Full of cloud-fuelled bravado, I expected everything to tick along just fine until... I lost a third of the requests going to the website. Only for a couple of minutes, but enough to upset me just a little bit.
Last week, the show reached out again. "Round 2", I'm thinking, except this time I'm ready for crazy traffic. Over the last 3 and half years I've invested a heap of time both optimising things on the Cloudflare end (especially as it relates to caching and Workers) and most importantly, moving all critical APIs to Azure Functions which are "serverless" (which runs on servers ?♂️). I made a note in my calendar for when the show would be on (6am this morning in Australia), went to bed the night before and... forgot about it. I didn't scale anything in advance (in fact I'd just scaled the SQL DB down after loading a breach on the weekend), didn't tweak anything or make any other changes, I just left it. I then get up this morning and see the tweets:
. @troyhunt Awesome Prime Time TV explanation of @haveibeenpwned on ITV in the UK by @MartinSLewis pic.twitter.com/auS5dBd9GF
— Martyn Jones (@thurboman) February 24, 2020
So, @troyhunt’s @haveibeenpwned was just featured on @itvMLshow. Let’s see if it holds up.…
— Michael (@michaelw90) February 24, 2020
@troyhunt They just mentioned @haveibeenpwned on the @itvMLshow and told people to not go onto the website all at once because "last time it crashed the site". Is that true or are they just trying to talk up the impact they have?
— Jeppe Fihl-Pearson (@Tenzer) February 24, 2020
Oh yeah, that was true last time, but let's see what happened today...
We'll start with the origin web server which was the one handling all the traffic last time. Here's what App Insights reports over the period where HIBP hit the air:
There were just over 20k requests across the entire 1-hour period, predominantly POST requests on the "notifyme" resource which is used when you subscribe for notifications should you appear in a future data breach. The top result is the async request to the API made from the modal that pops up on the page, the 4th result is when the POST happens directly from the dedicated notification page.
The thing that's most interesting about the traffic patterns driven by prime-time TV is the sudden increase in requests. Think about it - you've got some hundreds of thousands (or even millions) of people watching the show and the HIBP URL appears in front of them all at exactly the same time. They simultaneously pick up their phones, enter the URL and smash the service, all within a very small window of time. Let's look at how quickly that traffic changed, starting with a slice of time just before HIBP appeared on the screen:
That's 12 requests per minute to the origin website. Then, only a handful of minutes later:
Now we're at 2,533 requests per minute so the headline story here in terms of rate of change is traffic increasing 211 times over in a very short period of time. The last time that happened in 2016, the error rate peaked at about a third of all requests.

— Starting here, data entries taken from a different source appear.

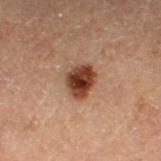Case summary:
- biopsy status — catalogued during a skin exam; not biopsied
- image-analysis metrics — a lesion area of about 7.5 mm², an eccentricity of roughly 0.65, and a symmetry-axis asymmetry near 0.25; a lesion color around L≈29 a*≈19 b*≈24 in CIELAB and a lesion-to-skin contrast of about 13.5 (normalized; higher = more distinct); a border-irregularity rating of about 2.5/10 and a peripheral color-asymmetry measure near 2
- imaging modality — ~15 mm tile from a whole-body skin photo
- patient — male, roughly 70 years of age
- illumination — cross-polarized
- body site — the left lower leg
- lesion diameter — ≈3.5 mm
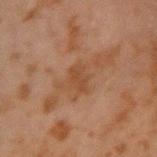  biopsy_status: not biopsied; imaged during a skin examination
  image:
    source: total-body photography crop
    field_of_view_mm: 15
  site: right upper arm
  patient:
    sex: male
    age_approx: 45
  lesion_size:
    long_diameter_mm_approx: 2.5
  lighting: cross-polarized
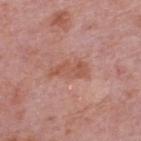The lesion was tiled from a total-body skin photograph and was not biopsied. Approximately 5 mm at its widest. A male subject aged around 75. From the upper back. A 15 mm close-up extracted from a 3D total-body photography capture.
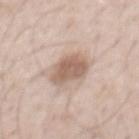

This time, however, the failed request count was...
Zero ?
But that's just the origin website and since the last round with Martin Lewis, it doesn't actually serve the requests to search the HIBP repository of email addresses in breaches. All that is now farmed off to a dedicated Azure Function called "Unified-Search" that scans both breaches and pastes in async so let's see how that performed:
That's a peak of 33,260 requests per minute or in other words, 554 requests per second searching 9.5 billion breach records and another 133 million pastes accounts at the same time. The especially cool thing about this chart is that there was no perceptible change to the duration of these requests during the period of peak load, in fact the only spikes were well outside that period (I assume related to something going on with the underlying Table Storage construct). This feature is the real heart of HIBP so naturally, I was pretty eager to see what the failure rate looked like:
Zero. Again ?
So onto the SQL database which manages things like the subscriptions for those who want to be notified of future breaches. (This runs in an RDBMS rather than in Table Storage as it's a much more efficient way of finding the intersection between subscribers and people in a new breach.) Here's the Data Transfer Units (DTUs) which measure DB load:
It peaks at about 40% utilisation which is something I probably need to be a little conscious of, but this is also only running an S2 instance at A$103 per month. More on that later.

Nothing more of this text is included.